Secular means lasting a long time, and 17 years is certainly a long time. Many investors mistakenly think the stock markets always grind lower in secular bears, but in reality they grind
sideways. A secular bear is a 17-year period of time, half of a Long Valuation Wave, where stocks make little headway. This sideways movement is necessary because stock prices were too high relative to their earnings power at the end of the preceding secular bull. By grinding sideways, stock prices give underlying earnings time to catch up.
We are in another secular bear today, it started back in early 2000 at the peak of that mighty secular bull. So the stock markets are likely to grind sideways on balance until 2016 or so, not far exceeding their 2000 highs at best. But
within this long secular-bear span, there are cycles of shorter bull and bear markets lasting a few years each. These are known as
cyclical bulls and bears.
As this next chart shows, we are likely entering a new cyclical bull within a secular bear. This is a time of great opportunity for investors.
The red line here shows the flagship S&P 500 stock index from 1966 to 1982, the last secular bear. That was a time of out-of-control spending and crushing taxation from Washington, and the resulting inflation, much like today. The blue line shows the S&P 500 (SPX) in our current secular bear since 2000. Note that the stock markets traded sideways on balance within both of these great secular bears.

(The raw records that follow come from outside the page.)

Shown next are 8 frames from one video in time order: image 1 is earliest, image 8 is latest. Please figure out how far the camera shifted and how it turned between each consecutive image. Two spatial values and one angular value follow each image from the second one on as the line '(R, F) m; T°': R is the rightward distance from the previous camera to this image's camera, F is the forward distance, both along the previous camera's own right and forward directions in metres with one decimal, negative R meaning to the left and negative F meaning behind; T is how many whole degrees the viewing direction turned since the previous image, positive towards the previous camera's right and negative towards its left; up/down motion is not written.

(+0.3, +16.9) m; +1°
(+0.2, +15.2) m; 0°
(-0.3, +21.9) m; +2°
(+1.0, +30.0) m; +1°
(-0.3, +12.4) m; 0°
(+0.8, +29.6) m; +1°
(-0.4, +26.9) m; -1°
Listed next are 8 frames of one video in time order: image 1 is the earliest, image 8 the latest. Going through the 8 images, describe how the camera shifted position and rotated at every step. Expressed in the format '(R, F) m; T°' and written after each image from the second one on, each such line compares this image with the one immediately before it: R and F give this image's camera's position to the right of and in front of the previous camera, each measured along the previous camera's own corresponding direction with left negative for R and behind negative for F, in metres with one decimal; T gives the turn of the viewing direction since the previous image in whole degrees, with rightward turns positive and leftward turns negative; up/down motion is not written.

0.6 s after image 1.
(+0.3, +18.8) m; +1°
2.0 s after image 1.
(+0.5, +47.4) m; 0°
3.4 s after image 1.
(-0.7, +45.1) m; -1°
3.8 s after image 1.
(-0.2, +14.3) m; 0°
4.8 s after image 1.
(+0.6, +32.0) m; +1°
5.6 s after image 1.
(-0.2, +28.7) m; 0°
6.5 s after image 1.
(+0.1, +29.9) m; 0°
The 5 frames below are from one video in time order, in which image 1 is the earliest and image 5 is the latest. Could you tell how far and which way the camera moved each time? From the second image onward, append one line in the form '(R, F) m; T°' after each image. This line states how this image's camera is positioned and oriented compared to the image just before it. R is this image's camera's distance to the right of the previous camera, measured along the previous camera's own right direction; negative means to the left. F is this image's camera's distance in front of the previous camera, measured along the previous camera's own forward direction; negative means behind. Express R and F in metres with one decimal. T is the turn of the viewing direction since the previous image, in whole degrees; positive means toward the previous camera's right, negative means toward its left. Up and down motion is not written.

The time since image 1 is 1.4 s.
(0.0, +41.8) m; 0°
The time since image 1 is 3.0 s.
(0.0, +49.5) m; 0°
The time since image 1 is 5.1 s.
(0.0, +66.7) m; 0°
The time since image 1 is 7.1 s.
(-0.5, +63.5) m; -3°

But within their giant secular trading ranges, there were powerful cyclical bulls and bears. And they form a pattern even a 3-year-old could recognize. Bear, bull, bear, bull. We saw a cyclical bear between 2000 and 2002 where the stock markets were
cut in half. Then we saw a cyclical bull between 2003 and 2007 where the stock markets
doubled. Then another cyclical bear emerged, ultimately leading to stocks being cut in half again today. After bear, bull, bear, where does that leave us today? At the dawn of a new cyclical bull!
Even with all the economic problems out there, even within a secular bear, the stock markets will probably
double in the coming years. This wouldn't take them to new highs, just back up near the top of their giant secular trading range. This means putting one's head in the sand, giving up on investing, is exactly the wrong thing to do today. If the stock markets indeed double again in the years ahead, some sectors of stocks will radically outperform the general market. Fortunes will be won! But not by the Ostrich Investors.
Another morsel of knowledge most investors don't know is that the biggest up years ever witnessed in stock-market history immediately follow the biggest down years. Last year's stock panic, sandwiched within a normal and expected cyclical bear, drove one of the biggest down years ever. So believe it or not, odds are 2009 is going to prove to be one of the biggest up years
ever. After the infamous
Panic of 1907, the last true stock panic, 1908 saw an epic 46.6% gain!
...The bottom line is we've just experienced a rare stock-market panic, but the world hasn't ended. Fear got out of hand but it is already abating. Today's economic data merely shows a recession, but stock prices are discounting a full-blown depression. Gradually they will climb higher to reflect a much-less-dire economic reality. And a new cyclical bull is being born, which happily coincides with a post-panic year likely to see huge gains anyway....."
http://www.greenfaucet.com/economy/ostrich-investors/86148
I know that was a LONG article, but I thought it had some good information, so I wanted to share.